__INSTRUCTIONS FOR THE TASK__.
Extract every line of the material below and reproduce it faithfully.

__INFORMATION PROVIDED__.
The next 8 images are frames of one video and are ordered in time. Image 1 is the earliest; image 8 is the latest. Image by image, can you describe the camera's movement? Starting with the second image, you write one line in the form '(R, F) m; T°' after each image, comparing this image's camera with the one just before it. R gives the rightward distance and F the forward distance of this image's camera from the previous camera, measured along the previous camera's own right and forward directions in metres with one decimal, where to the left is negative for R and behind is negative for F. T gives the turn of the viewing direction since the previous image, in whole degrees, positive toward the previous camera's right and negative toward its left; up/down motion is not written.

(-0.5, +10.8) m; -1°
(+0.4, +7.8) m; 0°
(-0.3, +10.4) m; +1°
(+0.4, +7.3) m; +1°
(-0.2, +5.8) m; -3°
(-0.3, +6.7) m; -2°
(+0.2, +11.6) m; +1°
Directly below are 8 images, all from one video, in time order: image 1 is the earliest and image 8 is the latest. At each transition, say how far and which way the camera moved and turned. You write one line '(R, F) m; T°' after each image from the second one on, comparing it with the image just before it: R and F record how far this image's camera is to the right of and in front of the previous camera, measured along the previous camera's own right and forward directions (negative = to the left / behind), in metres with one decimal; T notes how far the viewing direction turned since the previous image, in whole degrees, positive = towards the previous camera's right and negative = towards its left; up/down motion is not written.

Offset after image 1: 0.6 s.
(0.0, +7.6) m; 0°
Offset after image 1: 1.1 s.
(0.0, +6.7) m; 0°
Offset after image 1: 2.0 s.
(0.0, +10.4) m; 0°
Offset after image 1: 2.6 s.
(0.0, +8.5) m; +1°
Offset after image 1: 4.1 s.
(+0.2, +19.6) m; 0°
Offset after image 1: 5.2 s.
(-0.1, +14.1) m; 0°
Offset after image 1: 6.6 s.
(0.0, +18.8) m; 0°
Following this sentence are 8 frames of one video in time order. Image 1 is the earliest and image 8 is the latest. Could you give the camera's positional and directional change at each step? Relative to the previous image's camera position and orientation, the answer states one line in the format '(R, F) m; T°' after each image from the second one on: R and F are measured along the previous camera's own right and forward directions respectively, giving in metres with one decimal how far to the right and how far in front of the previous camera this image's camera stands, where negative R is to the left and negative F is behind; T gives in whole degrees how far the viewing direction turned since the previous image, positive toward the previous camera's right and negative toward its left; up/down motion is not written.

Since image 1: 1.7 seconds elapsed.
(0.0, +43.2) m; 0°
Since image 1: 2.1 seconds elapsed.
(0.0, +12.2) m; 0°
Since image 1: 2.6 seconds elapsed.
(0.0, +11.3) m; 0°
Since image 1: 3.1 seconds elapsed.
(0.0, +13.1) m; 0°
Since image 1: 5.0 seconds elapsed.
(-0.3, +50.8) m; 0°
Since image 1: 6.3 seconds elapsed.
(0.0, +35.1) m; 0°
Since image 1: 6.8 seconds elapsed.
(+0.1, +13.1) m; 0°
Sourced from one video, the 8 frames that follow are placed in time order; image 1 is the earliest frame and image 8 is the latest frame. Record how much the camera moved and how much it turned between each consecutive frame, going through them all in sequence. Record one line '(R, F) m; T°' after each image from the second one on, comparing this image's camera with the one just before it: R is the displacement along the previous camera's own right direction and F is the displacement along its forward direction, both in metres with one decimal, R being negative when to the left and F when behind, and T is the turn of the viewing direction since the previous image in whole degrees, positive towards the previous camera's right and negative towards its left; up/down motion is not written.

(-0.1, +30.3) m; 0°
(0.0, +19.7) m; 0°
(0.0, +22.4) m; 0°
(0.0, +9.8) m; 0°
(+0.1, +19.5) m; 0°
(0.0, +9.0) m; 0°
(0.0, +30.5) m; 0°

__OUTPUT OF THE EXERCISE__.
The next 8 images are frames of one video and are ordered in time. Image 1 is the earliest; image 8 is the latest. Image by image, can you describe the camera's movement? Starting with the second image, you write one line in the form '(R, F) m; T°' after each image, comparing this image's camera with the one just before it. R gives the rightward distance and F the forward distance of this image's camera from the previous camera, measured along the previous camera's own right and forward directions in metres with one decimal, where to the left is negative for R and behind is negative for F. T gives the turn of the viewing direction since the previous image, in whole degrees, positive toward the previous camera's right and negative toward its left; up/down motion is not written.

(-0.5, +10.8) m; -1°
(+0.4, +7.8) m; 0°
(-0.3, +10.4) m; +1°
(+0.4, +7.3) m; +1°
(-0.2, +5.8) m; -3°
(-0.3, +6.7) m; -2°
(+0.2, +11.6) m; +1°
Directly below are 8 images, all from one video, in time order: image 1 is the earliest and image 8 is the latest. At each transition, say how far and which way the camera moved and turned. You write one line '(R, F) m; T°' after each image from the second one on, comparing it with the image just before it: R and F record how far this image's camera is to the right of and in front of the previous camera, measured along the previous camera's own right and forward directions (negative = to the left / behind), in metres with one decimal; T notes how far the viewing direction turned since the previous image, in whole degrees, positive = towards the previous camera's right and negative = towards its left; up/down motion is not written.

Offset after image 1: 0.6 s.
(0.0, +7.6) m; 0°
Offset after image 1: 1.1 s.
(0.0, +6.7) m; 0°
Offset after image 1: 2.0 s.
(0.0, +10.4) m; 0°
Offset after image 1: 2.6 s.
(0.0, +8.5) m; +1°
Offset after image 1: 4.1 s.
(+0.2, +19.6) m; 0°
Offset after image 1: 5.2 s.
(-0.1, +14.1) m; 0°
Offset after image 1: 6.6 s.
(0.0, +18.8) m; 0°
Following this sentence are 8 frames of one video in time order. Image 1 is the earliest and image 8 is the latest. Could you give the camera's positional and directional change at each step? Relative to the previous image's camera position and orientation, the answer states one line in the format '(R, F) m; T°' after each image from the second one on: R and F are measured along the previous camera's own right and forward directions respectively, giving in metres with one decimal how far to the right and how far in front of the previous camera this image's camera stands, where negative R is to the left and negative F is behind; T gives in whole degrees how far the viewing direction turned since the previous image, positive toward the previous camera's right and negative toward its left; up/down motion is not written.

Since image 1: 1.7 seconds elapsed.
(0.0, +43.2) m; 0°
Since image 1: 2.1 seconds elapsed.
(0.0, +12.2) m; 0°
Since image 1: 2.6 seconds elapsed.
(0.0, +11.3) m; 0°
Since image 1: 3.1 seconds elapsed.
(0.0, +13.1) m; 0°
Since image 1: 5.0 seconds elapsed.
(-0.3, +50.8) m; 0°
Since image 1: 6.3 seconds elapsed.
(0.0, +35.1) m; 0°
Since image 1: 6.8 seconds elapsed.
(+0.1, +13.1) m; 0°
Sourced from one video, the 8 frames that follow are placed in time order; image 1 is the earliest frame and image 8 is the latest frame. Record how much the camera moved and how much it turned between each consecutive frame, going through them all in sequence. Record one line '(R, F) m; T°' after each image from the second one on, comparing this image's camera with the one just before it: R is the displacement along the previous camera's own right direction and F is the displacement along its forward direction, both in metres with one decimal, R being negative when to the left and F when behind, and T is the turn of the viewing direction since the previous image in whole degrees, positive towards the previous camera's right and negative towards its left; up/down motion is not written.

(-0.1, +30.3) m; 0°
(0.0, +19.7) m; 0°
(0.0, +22.4) m; 0°
(0.0, +9.8) m; 0°
(+0.1, +19.5) m; 0°
(0.0, +9.0) m; 0°
(0.0, +30.5) m; 0°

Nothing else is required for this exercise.